Я пытаюсь реализовать вариационный автоэнкодер, используя в качестве справочника книгу глубокого обучения Chollet. У меня возникают трудности с подгонкой данных к модели, форма изображения (512, 512, 3), однако это дает мне ошибку, что формы несовместимы.
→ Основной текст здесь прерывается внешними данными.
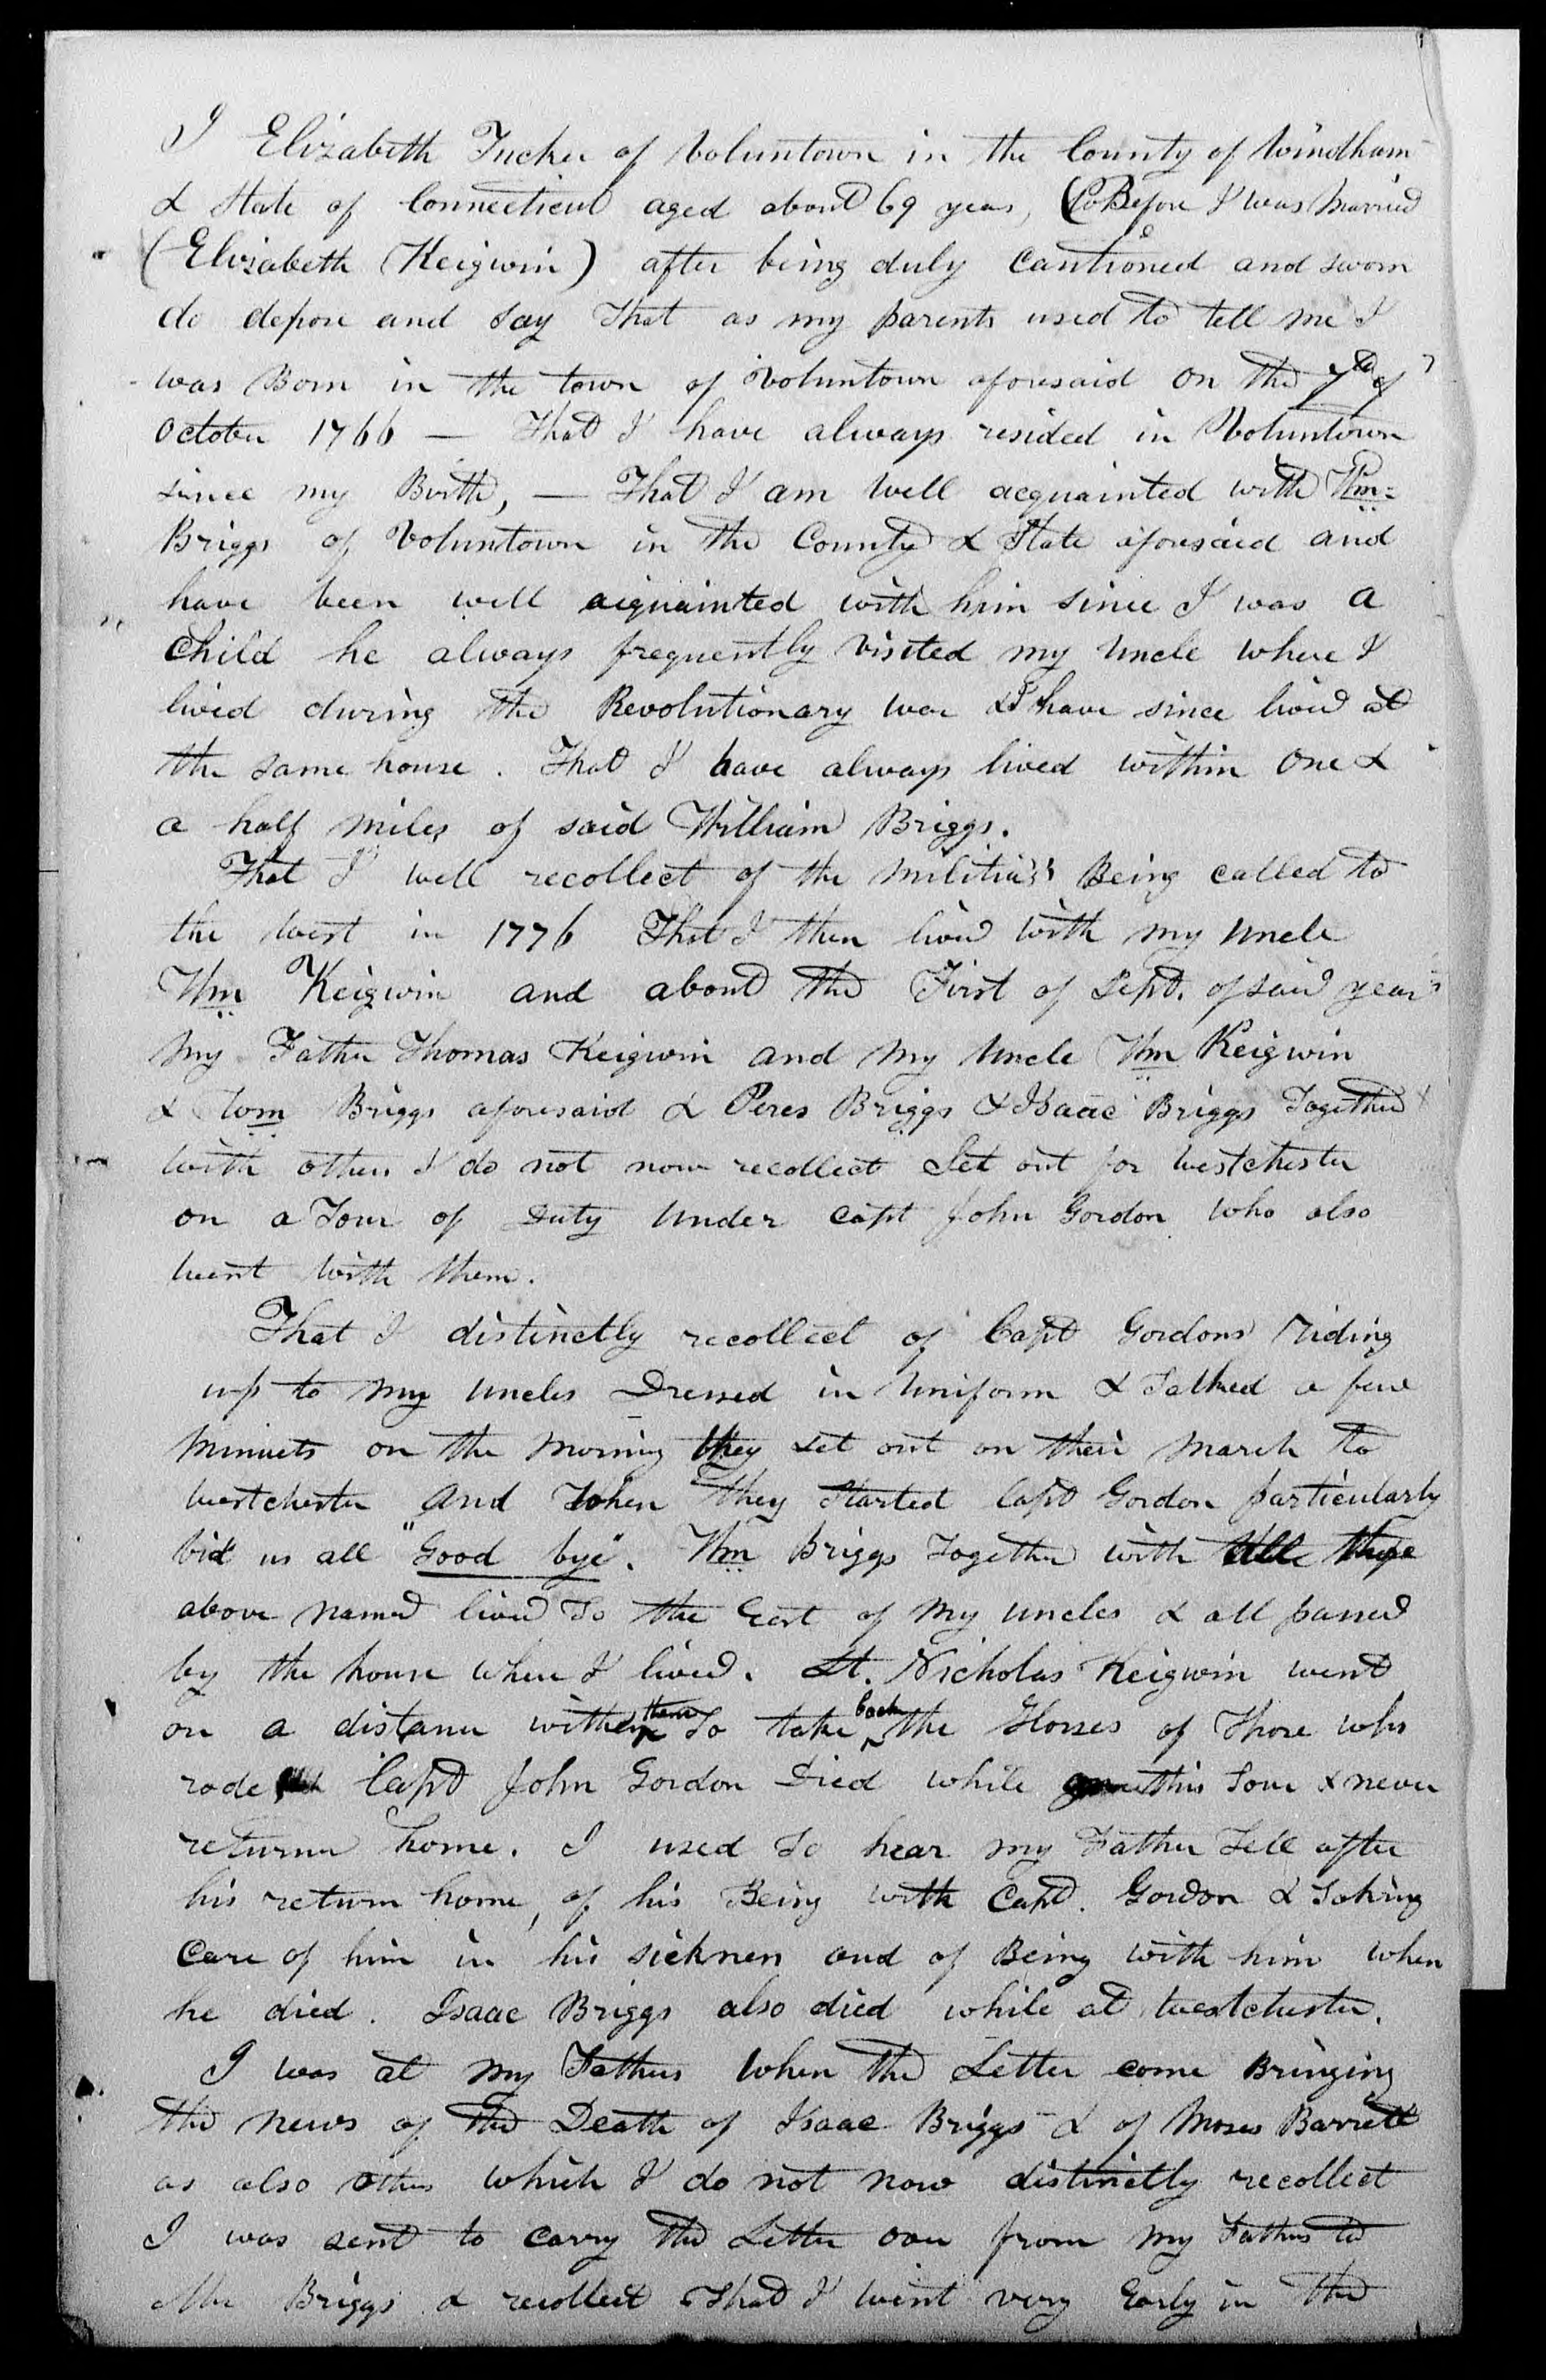I Elizabeth Tucker of Voluntown in the County of Windham & State of Connecticut aged about 69 years, ([illegible]  Before I was married (Elizabeth Keigwin) after being duly cautioned and sworn do depose and say that as my parents used to tell me I was born in the town of Voluntown aforesaid  on the 7th of October 1766 -  That I have always resided in Voluntown since my Birth, - That I am fully acquainted with Wm. Briggs of Voluntown in the County and State aforesaid and have been well acquainted with him since I was a Child he always frequently visited my Uncle where I lived during the Revolutionary War  I have since lived at the same house.  That I have always lived within one &  half miles of said William Briggs.
    That I recollect of the militia's Being called to the [illegible] in 1776   Tht I then lived with my Uncle Wm. Keigwin and about the Forst of Sept. of said year My Father Thomas Keigwin and my Uncle Wm. Keigwin & Tom Briggs aforesaid & Peres Briggs & Isaac Briggs together with others I do not now recollect Set out for Westchester on a Tour of Duty under Capt John Gordon who also went with them.
   That I distinctly recollect of Capt Gordon riding up to my Uncles Dressed in uniform and talked a few minutes on the morning they set out on their march to Westchester    And then they started Capt Gordon particularly bid us all "Good bye". [quote is underlined] Tom Briggs together with all those above named lived to the East of my Uncles & all passed by the house where I lived.  Lt. Nicholas Keigwin went on a distance with them [word inserted] to take back [last word inserted] the horses of those who rode  [next word crossed out]   Capt John Gordon died while on this Tour & never returned home.  I used to hear my Father tell after his return home of his being with Capt. Gordon & taking care of him in his sickness and of being with him when he died.  Isaac Briggs also died while at Westchester.

I was at my Fathers when the Letter came bringing the news of the Death of Isaac Briggs & of Moses Barrett as also others which I do not now distinctly recollect   I was sent to carry the Letter over from my Fathers to other Briggs & recollect that I went very early in the

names: Briggs, Elizabeth Tucker, Gordon, Wm Briggs, Gordone, Nicholas Keigwin, Thomas Keigwin, Peres Briggs, Isaac Briggs, Wm Keigwin, Isaac Briggs, Wm Briggs, William Briggs, John Gordon, John Gordon, Elizabeth Keigwin, Isaac Briggs, Wm Briggs, Gordon, Moses Barrett, Wm Keigwin
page: 34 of 37
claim: survivor's
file: S. 12,281, William Briggs, Conn.

Мне интересно, если ошибка в лямбда-слое, реализующем вариационную потерю, поскольку изображения, которые я использую, взяты из другого набора данных, чем в книге.
InvalidArgumentError: Несовместимые фигуры: [524288] против [1572864]
[[{{node custom_variational_layer_6 / logistic_loss / mul}} =
Я попытался отрегулировать форму изображения, количество каналов, потери при реконструкции и изменил среднюю функцию, которая усредняет KL и кросс-энтропийные потери, на функцию суммы только кросс-энтропийных потерь, и, похоже, ничего не работает .
def create_encoder():
input_img = Input(shape=img_shape)
x = layers.Conv2D(32, 3, padding='same', activation='relu')(input_img)
x = layers.Conv2D(64, 3, padding='same', strides=(2, 2), activation='relu')(x)
x = layers.Conv2D(64, 3, padding='same', activation='relu')(x)
x = layers.Conv2D(32, 3, padding='same', activation='relu')(x)
shape_before_flattening = K.int_shape(x)
x = layers.Flatten()(x)
x = layers.Dense(32, activation='relu')(x)
z_mean = layers.Dense(latent_dim)(x)
z_log_var = layers.Dense(latent_dim)(x)
model = Model(input_img, [z_mean, z_log_var])
return model, shape_before_flattening
def sample(args):
z_mean, z_log_var = args
eps = K.random_normal(shape=(K.shape(z_mean)[0], latent_dim),
mean=0., stddev=1.)
return z_mean + K.exp(z_log_var) * eps
encoder, shape_before_flattening = create_encoder()
input_img = encoder.inputs[0]
z_mean = encoder.outputs[0]
z_log_var = encoder.outputs[1]
z = layers.Lambda(sample)([z_mean, z_log_var])
def create_decoder():
print(K.int_shape(z))
decoder_input = Input(K.int_shape(z)[1:])
x = layers.Dense(np.prod(shape_before_flattening[1:]),
activation='relu')(decoder_input)
x = layers.Reshape(shape_before_flattening[1:])(x)
x = layers.Conv2DTranspose(32, 3,
padding='same',
activation='relu',
strides=(2, 2))(x)
x = layers.Conv2D(1, 3,
padding='same',
activation='sigmoid')(x)
model = Model(decoder_input, x)
return model
class CustomVariationalLayer(keras.layers.Layer):
def vae_loss(self, x, z_decoded):
x = K.flatten(x)
z_decoded = K.flatten(z_decoded)
xent_loss = keras.metrics.binary_crossentropy(x, z_decoded)
kl_loss = -5e-4 * K.mean(
1 + z_log_var - K.square(z_mean) - K.exp(z_log_var), axis=-1)
print(K.int_shape(xent_loss))
print(K.int_shape(kl_loss))
#return K.mean(mse_loss + kl_loss)
return K.mean(xent_loss + kl_loss)
def call(self, inputs):
x = inputs[0]
z_decoded = inputs[1]
loss = self.vae_loss(x, z_decoded)
self.add_loss(loss, inputs=inputs)
return x
decoder = create_decoder()
z_decoded = decoder(z)
out = CustomVariationalLayer()([input_img, z_decoded])
from sklearn.model_selection import train_test_split
X_train, X_test, y_train, y_test = train_test_split(X, y, test_size=0.2)
X_train = X_train.astype('float32')
X_test = X_test.astype('float32')
print("X train shape ", X_train.shape)
print("X test shape ", X_test.shape)
vae = Model(input_img, out)
vae.compile(optimizer='rmsprop', loss=None)
vae.summary()
vae.fit(x=X_train, y=None, shuffle=True, epochs=10, batch_size=batch_size)
Я ожидаю, что она обучит модель и не выдаст ошибку.